The consumer review site ConsumerSearch.com is another source that evaluates weight loss programs. Like U.S. News, ConsumerSearch selected Weight Watchers as the best overall weight loss program. Other recommendations include the Jenny Craig program, the Volumetrics diet, and the online weight loss community eDiets.com.

How quickly can you lose weight on the Weight Watchers plan? According to a study published in the British Medical Journal in 2006, the average Weight Watchers participant lost six pounds in the first four weeks. That's comparable to the results people saw on Slim Fast and Eat Yourself Slim, but less than dieters lost on the Atkins diet. However, the Atkins diet's advantage only held up for the first month; afterwards, all four plans helped dieters lose weight at approximately the same rate.

As evidence of Weight Watchers' long-term effectiveness, the U.S. News article cites a study in which almost 60 percent of dieters maintained their weight loss for the first year after finishing the program. Thirty-seven percent of Weight Watchers participants were still within five pounds of their target weight after five years. That may not sound impressive, but it is a relatively positive outcome considering that many dieters quickly regain all of the pounds they've shed.

Yet another source for information on long-term weight loss is the National Weight Control Registry. Established in 1994 by respected researchers in the field of weight management, the Registry contains detailed information on more than 10,000 dieters who have lost at least 30 pounds and kept it off for a year or more. The results point to some effective strategies for long-term weight loss. Over half the dieters joined a structured weight loss program, while forty-five percent lost weight on their own. A whopping ninety-eight percent of those who lost weight say they did so by changing the way they ate. Most continue to follow a low-calorie, low-fat diet and eat breakfast each morning.

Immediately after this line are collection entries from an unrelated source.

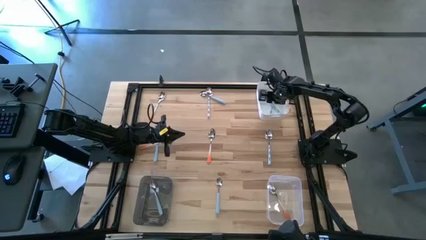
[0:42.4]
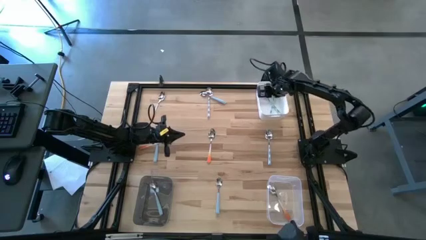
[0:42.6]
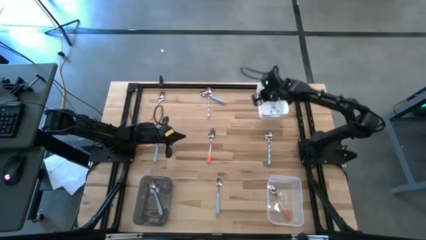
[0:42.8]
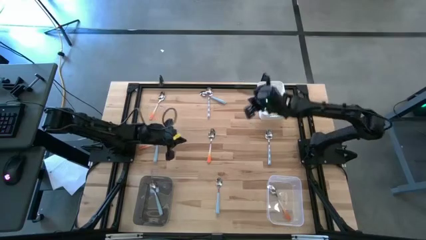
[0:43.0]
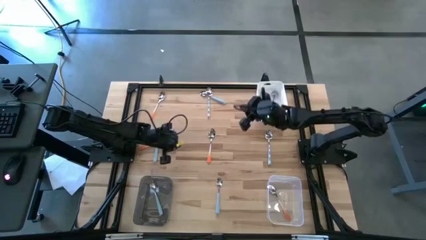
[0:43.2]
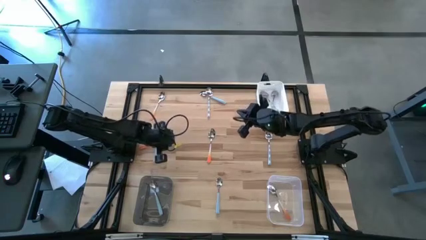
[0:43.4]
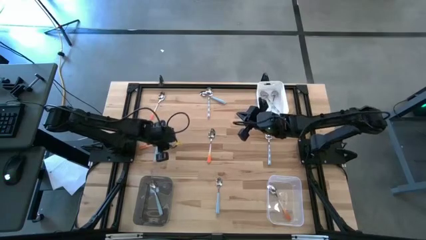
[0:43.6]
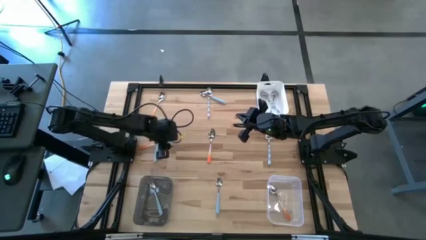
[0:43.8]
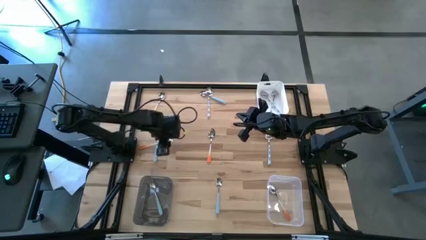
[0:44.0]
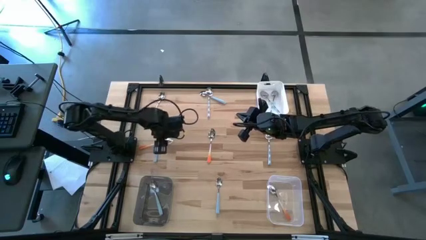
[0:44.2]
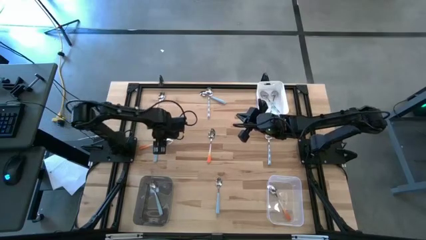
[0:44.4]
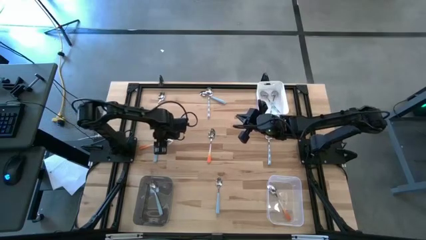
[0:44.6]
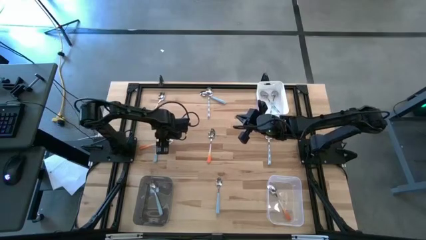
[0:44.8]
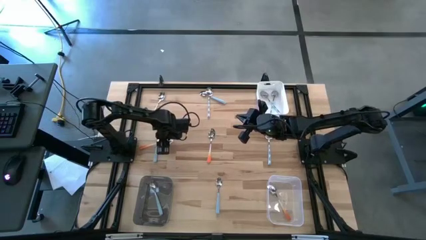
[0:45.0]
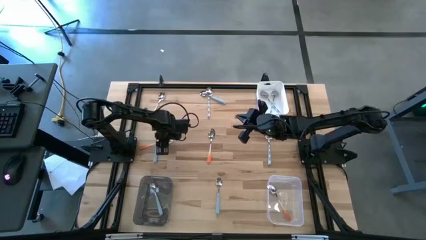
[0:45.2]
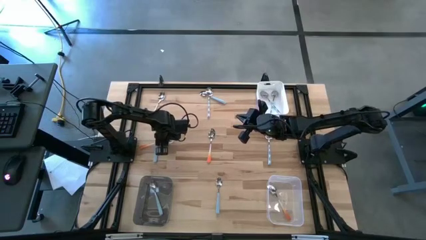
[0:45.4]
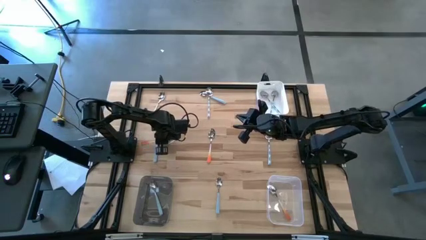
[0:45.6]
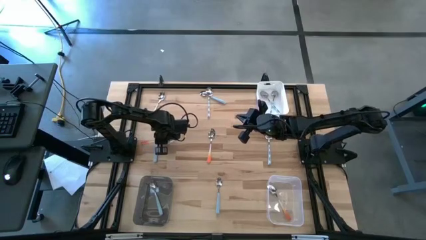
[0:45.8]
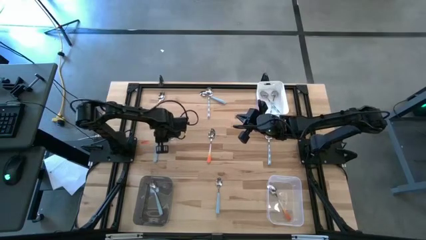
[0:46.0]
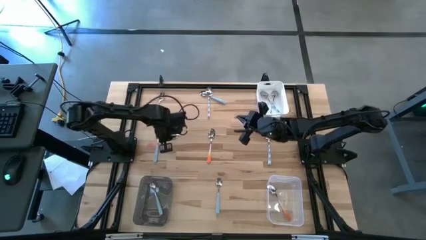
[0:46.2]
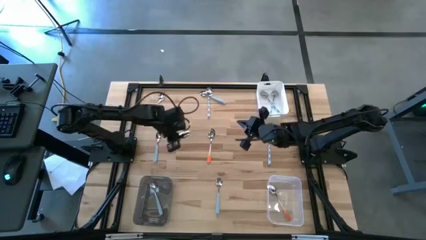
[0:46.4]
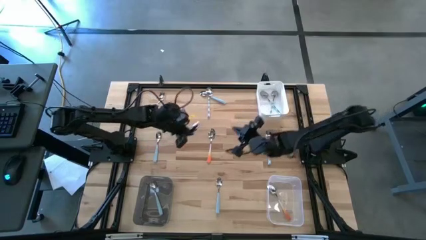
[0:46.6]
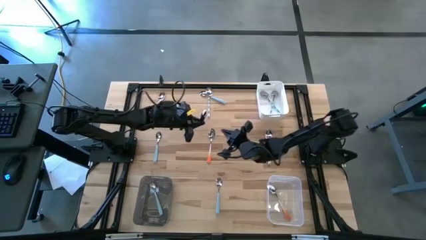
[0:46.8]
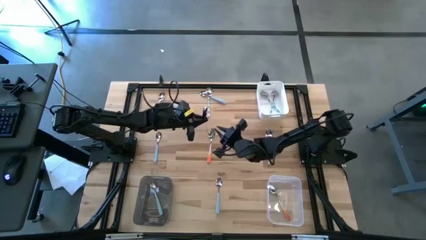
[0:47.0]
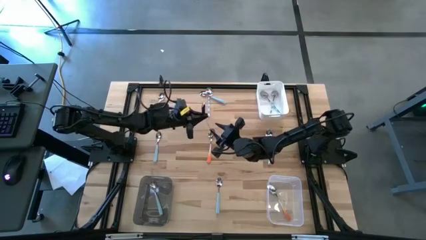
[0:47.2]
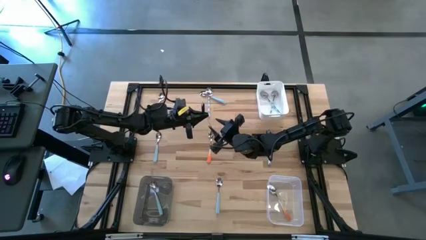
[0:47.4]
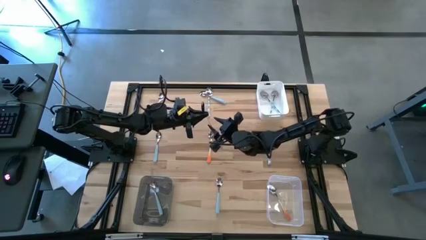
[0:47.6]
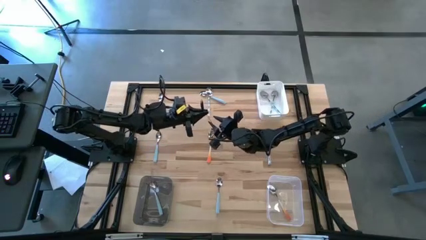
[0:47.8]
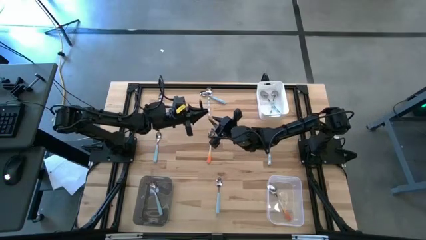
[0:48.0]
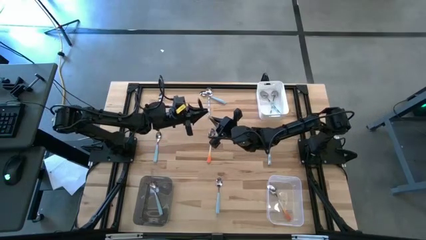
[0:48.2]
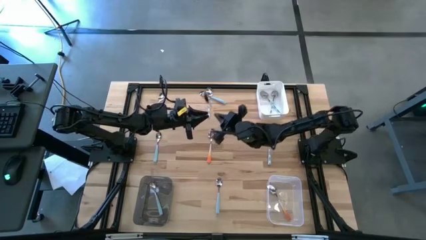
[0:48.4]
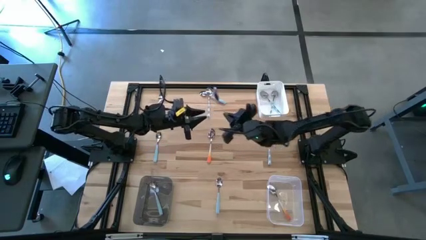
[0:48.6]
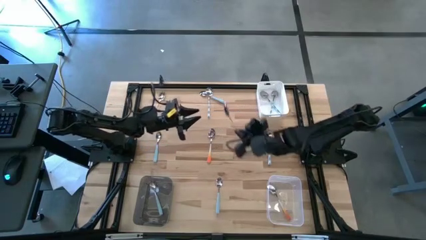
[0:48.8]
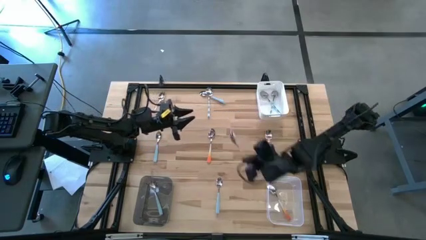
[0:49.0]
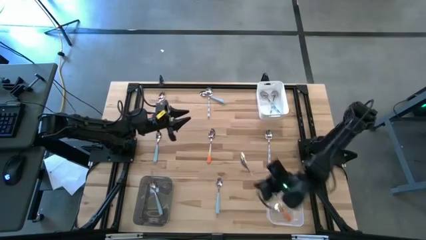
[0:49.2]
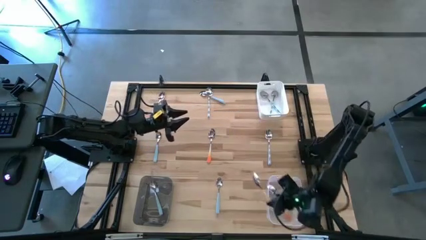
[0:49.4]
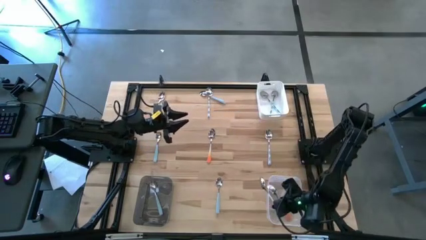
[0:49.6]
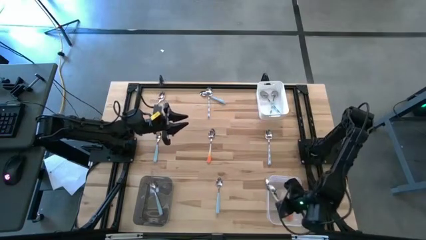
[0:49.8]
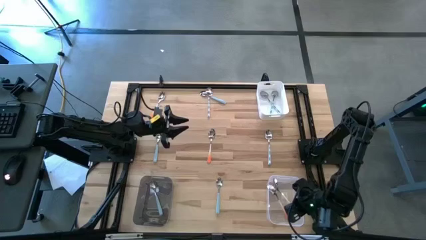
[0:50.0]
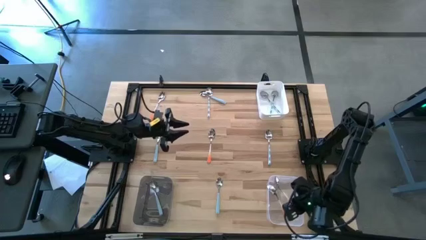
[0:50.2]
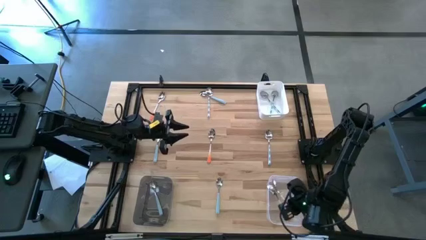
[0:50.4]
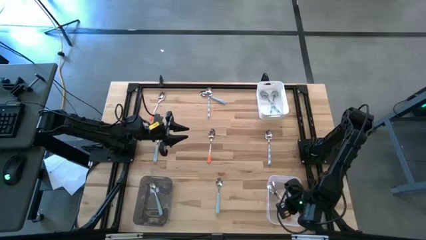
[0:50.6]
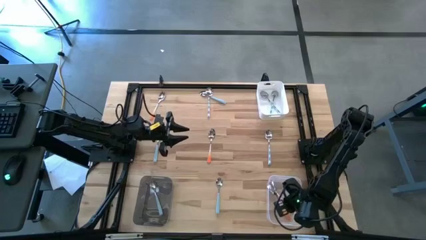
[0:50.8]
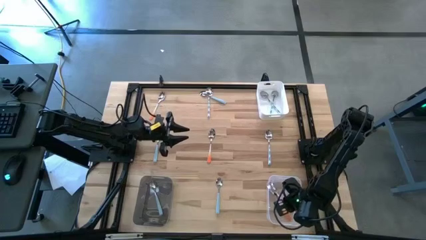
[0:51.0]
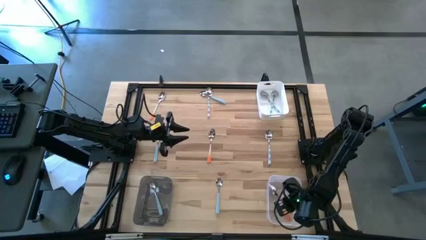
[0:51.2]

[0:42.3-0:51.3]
Task: Sort silverware by color (type)
Put the orange spoon into the transparent bin

But if you think you can maintain your goal weight through dieting alone, think again. Ninety-four percent of those in the National Weight Control Registry complemented their nutritional changes with an exercise program. In addition, nearly all continued to exercise after they lost weight. Walking is the most popular type of exercise, and the average participant works out for an hour each day. Where do they find the time? Partly by cutting back on television. Sixty-two percent of Registry participants say that they watch fewer than ten hours of TV per week. By comparison, the average American spends 34 hours a week watching television.

Keeping close tabs on your weight is another habit that may help prevent you from regaining the weight you've lost; seventy-five percent of Registry participants report that they weigh themselves at least once a week.

It's hard to lose weight, and even harder not to regain it. One piece of good news from the National Weight Control Registry is that weight maintenance seems to get easier over time. Once participants have kept their weight off for at least two years, it becomes much likelier that they will continue to be successful. This makes sense when you realize that successful weight maintenance requires lasting changes in your eating and exercise patterns. So if you want to lose weight and keep it off, skip the fad diets and think about ways you can permanently change your lifestyle for the better.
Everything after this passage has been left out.